YOUR OBJECTIVE:
Exact copies of all records below are needed.

------ THE DATA

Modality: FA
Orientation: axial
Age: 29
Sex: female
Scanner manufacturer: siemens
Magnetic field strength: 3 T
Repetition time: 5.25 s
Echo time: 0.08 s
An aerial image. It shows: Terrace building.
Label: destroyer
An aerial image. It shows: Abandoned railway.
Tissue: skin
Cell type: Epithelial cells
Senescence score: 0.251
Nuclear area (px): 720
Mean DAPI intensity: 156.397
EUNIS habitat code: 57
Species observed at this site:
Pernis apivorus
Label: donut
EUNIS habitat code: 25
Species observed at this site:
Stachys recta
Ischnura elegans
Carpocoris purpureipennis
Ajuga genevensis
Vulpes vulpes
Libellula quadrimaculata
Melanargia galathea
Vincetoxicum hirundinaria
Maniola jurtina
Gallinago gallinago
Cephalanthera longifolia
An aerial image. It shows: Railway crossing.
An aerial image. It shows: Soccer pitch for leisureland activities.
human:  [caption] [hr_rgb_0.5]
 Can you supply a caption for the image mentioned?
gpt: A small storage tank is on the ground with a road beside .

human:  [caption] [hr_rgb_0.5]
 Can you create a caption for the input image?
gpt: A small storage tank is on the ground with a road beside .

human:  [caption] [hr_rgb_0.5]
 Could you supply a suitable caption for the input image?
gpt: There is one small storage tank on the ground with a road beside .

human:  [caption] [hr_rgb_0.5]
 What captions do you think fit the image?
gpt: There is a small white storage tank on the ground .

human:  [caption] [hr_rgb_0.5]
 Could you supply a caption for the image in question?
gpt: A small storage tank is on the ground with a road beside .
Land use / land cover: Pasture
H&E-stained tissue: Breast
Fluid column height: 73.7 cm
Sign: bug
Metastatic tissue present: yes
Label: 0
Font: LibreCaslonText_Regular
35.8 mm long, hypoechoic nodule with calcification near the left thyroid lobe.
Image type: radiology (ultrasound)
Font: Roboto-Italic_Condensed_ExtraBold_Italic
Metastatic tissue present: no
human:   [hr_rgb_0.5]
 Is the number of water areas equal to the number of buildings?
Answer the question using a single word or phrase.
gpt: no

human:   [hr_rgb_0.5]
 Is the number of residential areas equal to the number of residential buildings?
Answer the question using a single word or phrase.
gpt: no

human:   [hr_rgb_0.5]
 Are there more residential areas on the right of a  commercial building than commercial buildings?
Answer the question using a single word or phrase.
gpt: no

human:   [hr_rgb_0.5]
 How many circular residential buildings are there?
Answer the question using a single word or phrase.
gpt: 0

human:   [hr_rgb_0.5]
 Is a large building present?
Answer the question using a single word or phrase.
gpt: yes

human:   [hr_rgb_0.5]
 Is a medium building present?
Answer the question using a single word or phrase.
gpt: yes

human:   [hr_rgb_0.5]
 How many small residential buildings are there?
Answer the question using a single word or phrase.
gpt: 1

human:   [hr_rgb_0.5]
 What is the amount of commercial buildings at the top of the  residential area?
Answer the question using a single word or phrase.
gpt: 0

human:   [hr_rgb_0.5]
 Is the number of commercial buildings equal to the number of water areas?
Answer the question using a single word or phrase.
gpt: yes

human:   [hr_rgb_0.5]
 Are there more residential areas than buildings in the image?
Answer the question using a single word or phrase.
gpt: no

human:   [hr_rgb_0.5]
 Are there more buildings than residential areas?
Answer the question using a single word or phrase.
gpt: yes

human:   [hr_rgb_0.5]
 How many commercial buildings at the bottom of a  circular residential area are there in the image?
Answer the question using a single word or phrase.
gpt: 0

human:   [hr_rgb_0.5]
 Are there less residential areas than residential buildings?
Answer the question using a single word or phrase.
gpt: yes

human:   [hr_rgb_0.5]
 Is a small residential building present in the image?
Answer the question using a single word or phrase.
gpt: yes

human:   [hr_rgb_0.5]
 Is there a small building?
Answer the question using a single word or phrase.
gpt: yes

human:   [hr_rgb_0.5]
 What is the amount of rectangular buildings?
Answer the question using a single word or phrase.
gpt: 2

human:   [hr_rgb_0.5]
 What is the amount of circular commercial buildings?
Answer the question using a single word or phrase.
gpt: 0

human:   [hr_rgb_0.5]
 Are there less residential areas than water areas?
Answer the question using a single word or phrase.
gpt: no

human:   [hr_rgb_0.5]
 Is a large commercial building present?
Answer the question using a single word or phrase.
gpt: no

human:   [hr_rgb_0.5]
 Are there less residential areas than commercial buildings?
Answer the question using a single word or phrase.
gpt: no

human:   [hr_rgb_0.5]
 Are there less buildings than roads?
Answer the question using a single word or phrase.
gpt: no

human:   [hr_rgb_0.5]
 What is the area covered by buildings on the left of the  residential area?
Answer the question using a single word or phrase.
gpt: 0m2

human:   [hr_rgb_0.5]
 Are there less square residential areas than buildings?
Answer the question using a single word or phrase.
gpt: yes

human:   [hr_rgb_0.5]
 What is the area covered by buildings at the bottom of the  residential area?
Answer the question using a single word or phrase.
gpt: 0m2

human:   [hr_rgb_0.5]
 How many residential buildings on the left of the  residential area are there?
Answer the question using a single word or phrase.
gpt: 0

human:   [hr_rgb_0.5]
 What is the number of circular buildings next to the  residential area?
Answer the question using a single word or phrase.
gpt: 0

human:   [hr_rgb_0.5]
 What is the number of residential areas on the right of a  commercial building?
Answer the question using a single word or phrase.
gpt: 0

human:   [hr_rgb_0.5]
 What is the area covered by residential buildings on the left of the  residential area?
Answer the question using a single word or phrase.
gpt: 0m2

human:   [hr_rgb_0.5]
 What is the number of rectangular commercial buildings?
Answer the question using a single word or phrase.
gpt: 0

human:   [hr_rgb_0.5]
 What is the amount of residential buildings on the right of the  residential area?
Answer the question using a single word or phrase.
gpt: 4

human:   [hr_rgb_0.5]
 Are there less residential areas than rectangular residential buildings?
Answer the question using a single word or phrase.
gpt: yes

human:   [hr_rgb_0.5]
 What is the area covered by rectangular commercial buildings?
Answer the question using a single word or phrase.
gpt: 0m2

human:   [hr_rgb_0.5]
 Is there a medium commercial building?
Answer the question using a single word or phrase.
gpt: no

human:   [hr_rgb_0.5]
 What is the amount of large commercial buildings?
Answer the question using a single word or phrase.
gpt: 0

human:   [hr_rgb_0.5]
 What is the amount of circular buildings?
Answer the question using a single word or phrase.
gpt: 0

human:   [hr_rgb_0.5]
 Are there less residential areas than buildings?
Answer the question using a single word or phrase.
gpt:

------------

EXERCISE SOLUTION:
Modality: FA
Orientation: axial
Age: 29
Sex: female
Scanner manufacturer: siemens
Magnetic field strength: 3 T
Repetition time: 5.25 s
Echo time: 0.08 s
An aerial image. It shows: Terrace building.
Label: destroyer
An aerial image. It shows: Abandoned railway.
Tissue: skin
Cell type: Epithelial cells
Senescence score: 0.251
Nuclear area (px): 720
Mean DAPI intensity: 156.397
EUNIS habitat code: 57
Species observed at this site:
Pernis apivorus
Label: donut
EUNIS habitat code: 25
Species observed at this site:
Stachys recta
Ischnura elegans
Carpocoris purpureipennis
Ajuga genevensis
Vulpes vulpes
Libellula quadrimaculata
Melanargia galathea
Vincetoxicum hirundinaria
Maniola jurtina
Gallinago gallinago
Cephalanthera longifolia
An aerial image. It shows: Railway crossing.
An aerial image. It shows: Soccer pitch for leisureland activities.
human:  [caption] [hr_rgb_0.5]
 Can you supply a caption for the image mentioned?
gpt: A small storage tank is on the ground with a road beside .

human:  [caption] [hr_rgb_0.5]
 Can you create a caption for the input image?
gpt: A small storage tank is on the ground with a road beside .

human:  [caption] [hr_rgb_0.5]
 Could you supply a suitable caption for the input image?
gpt: There is one small storage tank on the ground with a road beside .

human:  [caption] [hr_rgb_0.5]
 What captions do you think fit the image?
gpt: There is a small white storage tank on the ground .

human:  [caption] [hr_rgb_0.5]
 Could you supply a caption for the image in question?
gpt: A small storage tank is on the ground with a road beside .
Land use / land cover: Pasture
H&E-stained tissue: Breast
Fluid column height: 73.7 cm
Sign: bug
Metastatic tissue present: yes
Label: 0
Font: LibreCaslonText_Regular
35.8 mm long, hypoechoic nodule with calcification near the left thyroid lobe.
Image type: radiology (ultrasound)
Font: Roboto-Italic_Condensed_ExtraBold_Italic
Metastatic tissue present: no
human:   [hr_rgb_0.5]
 Is the number of water areas equal to the number of buildings?
Answer the question using a single word or phrase.
gpt: no

human:   [hr_rgb_0.5]
 Is the number of residential areas equal to the number of residential buildings?
Answer the question using a single word or phrase.
gpt: no

human:   [hr_rgb_0.5]
 Are there more residential areas on the right of a  commercial building than commercial buildings?
Answer the question using a single word or phrase.
gpt: no

human:   [hr_rgb_0.5]
 How many circular residential buildings are there?
Answer the question using a single word or phrase.
gpt: 0

human:   [hr_rgb_0.5]
 Is a large building present?
Answer the question using a single word or phrase.
gpt: yes

human:   [hr_rgb_0.5]
 Is a medium building present?
Answer the question using a single word or phrase.
gpt: yes

human:   [hr_rgb_0.5]
 How many small residential buildings are there?
Answer the question using a single word or phrase.
gpt: 1

human:   [hr_rgb_0.5]
 What is the amount of commercial buildings at the top of the  residential area?
Answer the question using a single word or phrase.
gpt: 0

human:   [hr_rgb_0.5]
 Is the number of commercial buildings equal to the number of water areas?
Answer the question using a single word or phrase.
gpt: yes

human:   [hr_rgb_0.5]
 Are there more residential areas than buildings in the image?
Answer the question using a single word or phrase.
gpt: no

human:   [hr_rgb_0.5]
 Are there more buildings than residential areas?
Answer the question using a single word or phrase.
gpt: yes

human:   [hr_rgb_0.5]
 How many commercial buildings at the bottom of a  circular residential area are there in the image?
Answer the question using a single word or phrase.
gpt: 0

human:   [hr_rgb_0.5]
 Are there less residential areas than residential buildings?
Answer the question using a single word or phrase.
gpt: yes

human:   [hr_rgb_0.5]
 Is a small residential building present in the image?
Answer the question using a single word or phrase.
gpt: yes

human:   [hr_rgb_0.5]
 Is there a small building?
Answer the question using a single word or phrase.
gpt: yes

human:   [hr_rgb_0.5]
 What is the amount of rectangular buildings?
Answer the question using a single word or phrase.
gpt: 2

human:   [hr_rgb_0.5]
 What is the amount of circular commercial buildings?
Answer the question using a single word or phrase.
gpt: 0

human:   [hr_rgb_0.5]
 Are there less residential areas than water areas?
Answer the question using a single word or phrase.
gpt: no

human:   [hr_rgb_0.5]
 Is a large commercial building present?
Answer the question using a single word or phrase.
gpt: no

human:   [hr_rgb_0.5]
 Are there less residential areas than commercial buildings?
Answer the question using a single word or phrase.
gpt: no

human:   [hr_rgb_0.5]
 Are there less buildings than roads?
Answer the question using a single word or phrase.
gpt: no

human:   [hr_rgb_0.5]
 What is the area covered by buildings on the left of the  residential area?
Answer the question using a single word or phrase.
gpt: 0m2

human:   [hr_rgb_0.5]
 Are there less square residential areas than buildings?
Answer the question using a single word or phrase.
gpt: yes

human:   [hr_rgb_0.5]
 What is the area covered by buildings at the bottom of the  residential area?
Answer the question using a single word or phrase.
gpt: 0m2

human:   [hr_rgb_0.5]
 How many residential buildings on the left of the  residential area are there?
Answer the question using a single word or phrase.
gpt: 0

human:   [hr_rgb_0.5]
 What is the number of circular buildings next to the  residential area?
Answer the question using a single word or phrase.
gpt: 0

human:   [hr_rgb_0.5]
 What is the number of residential areas on the right of a  commercial building?
Answer the question using a single word or phrase.
gpt: 0

human:   [hr_rgb_0.5]
 What is the area covered by residential buildings on the left of the  residential area?
Answer the question using a single word or phrase.
gpt: 0m2

human:   [hr_rgb_0.5]
 What is the number of rectangular commercial buildings?
Answer the question using a single word or phrase.
gpt: 0

human:   [hr_rgb_0.5]
 What is the amount of residential buildings on the right of the  residential area?
Answer the question using a single word or phrase.
gpt: 4

human:   [hr_rgb_0.5]
 Are there less residential areas than rectangular residential buildings?
Answer the question using a single word or phrase.
gpt: yes

human:   [hr_rgb_0.5]
 What is the area covered by rectangular commercial buildings?
Answer the question using a single word or phrase.
gpt: 0m2

human:   [hr_rgb_0.5]
 Is there a medium commercial building?
Answer the question using a single word or phrase.
gpt: no

human:   [hr_rgb_0.5]
 What is the amount of large commercial buildings?
Answer the question using a single word or phrase.
gpt: 0

human:   [hr_rgb_0.5]
 What is the amount of circular buildings?
Answer the question using a single word or phrase.
gpt: 0

human:   [hr_rgb_0.5]
 Are there less residential areas than buildings?
Answer the question using a single word or phrase.
gpt:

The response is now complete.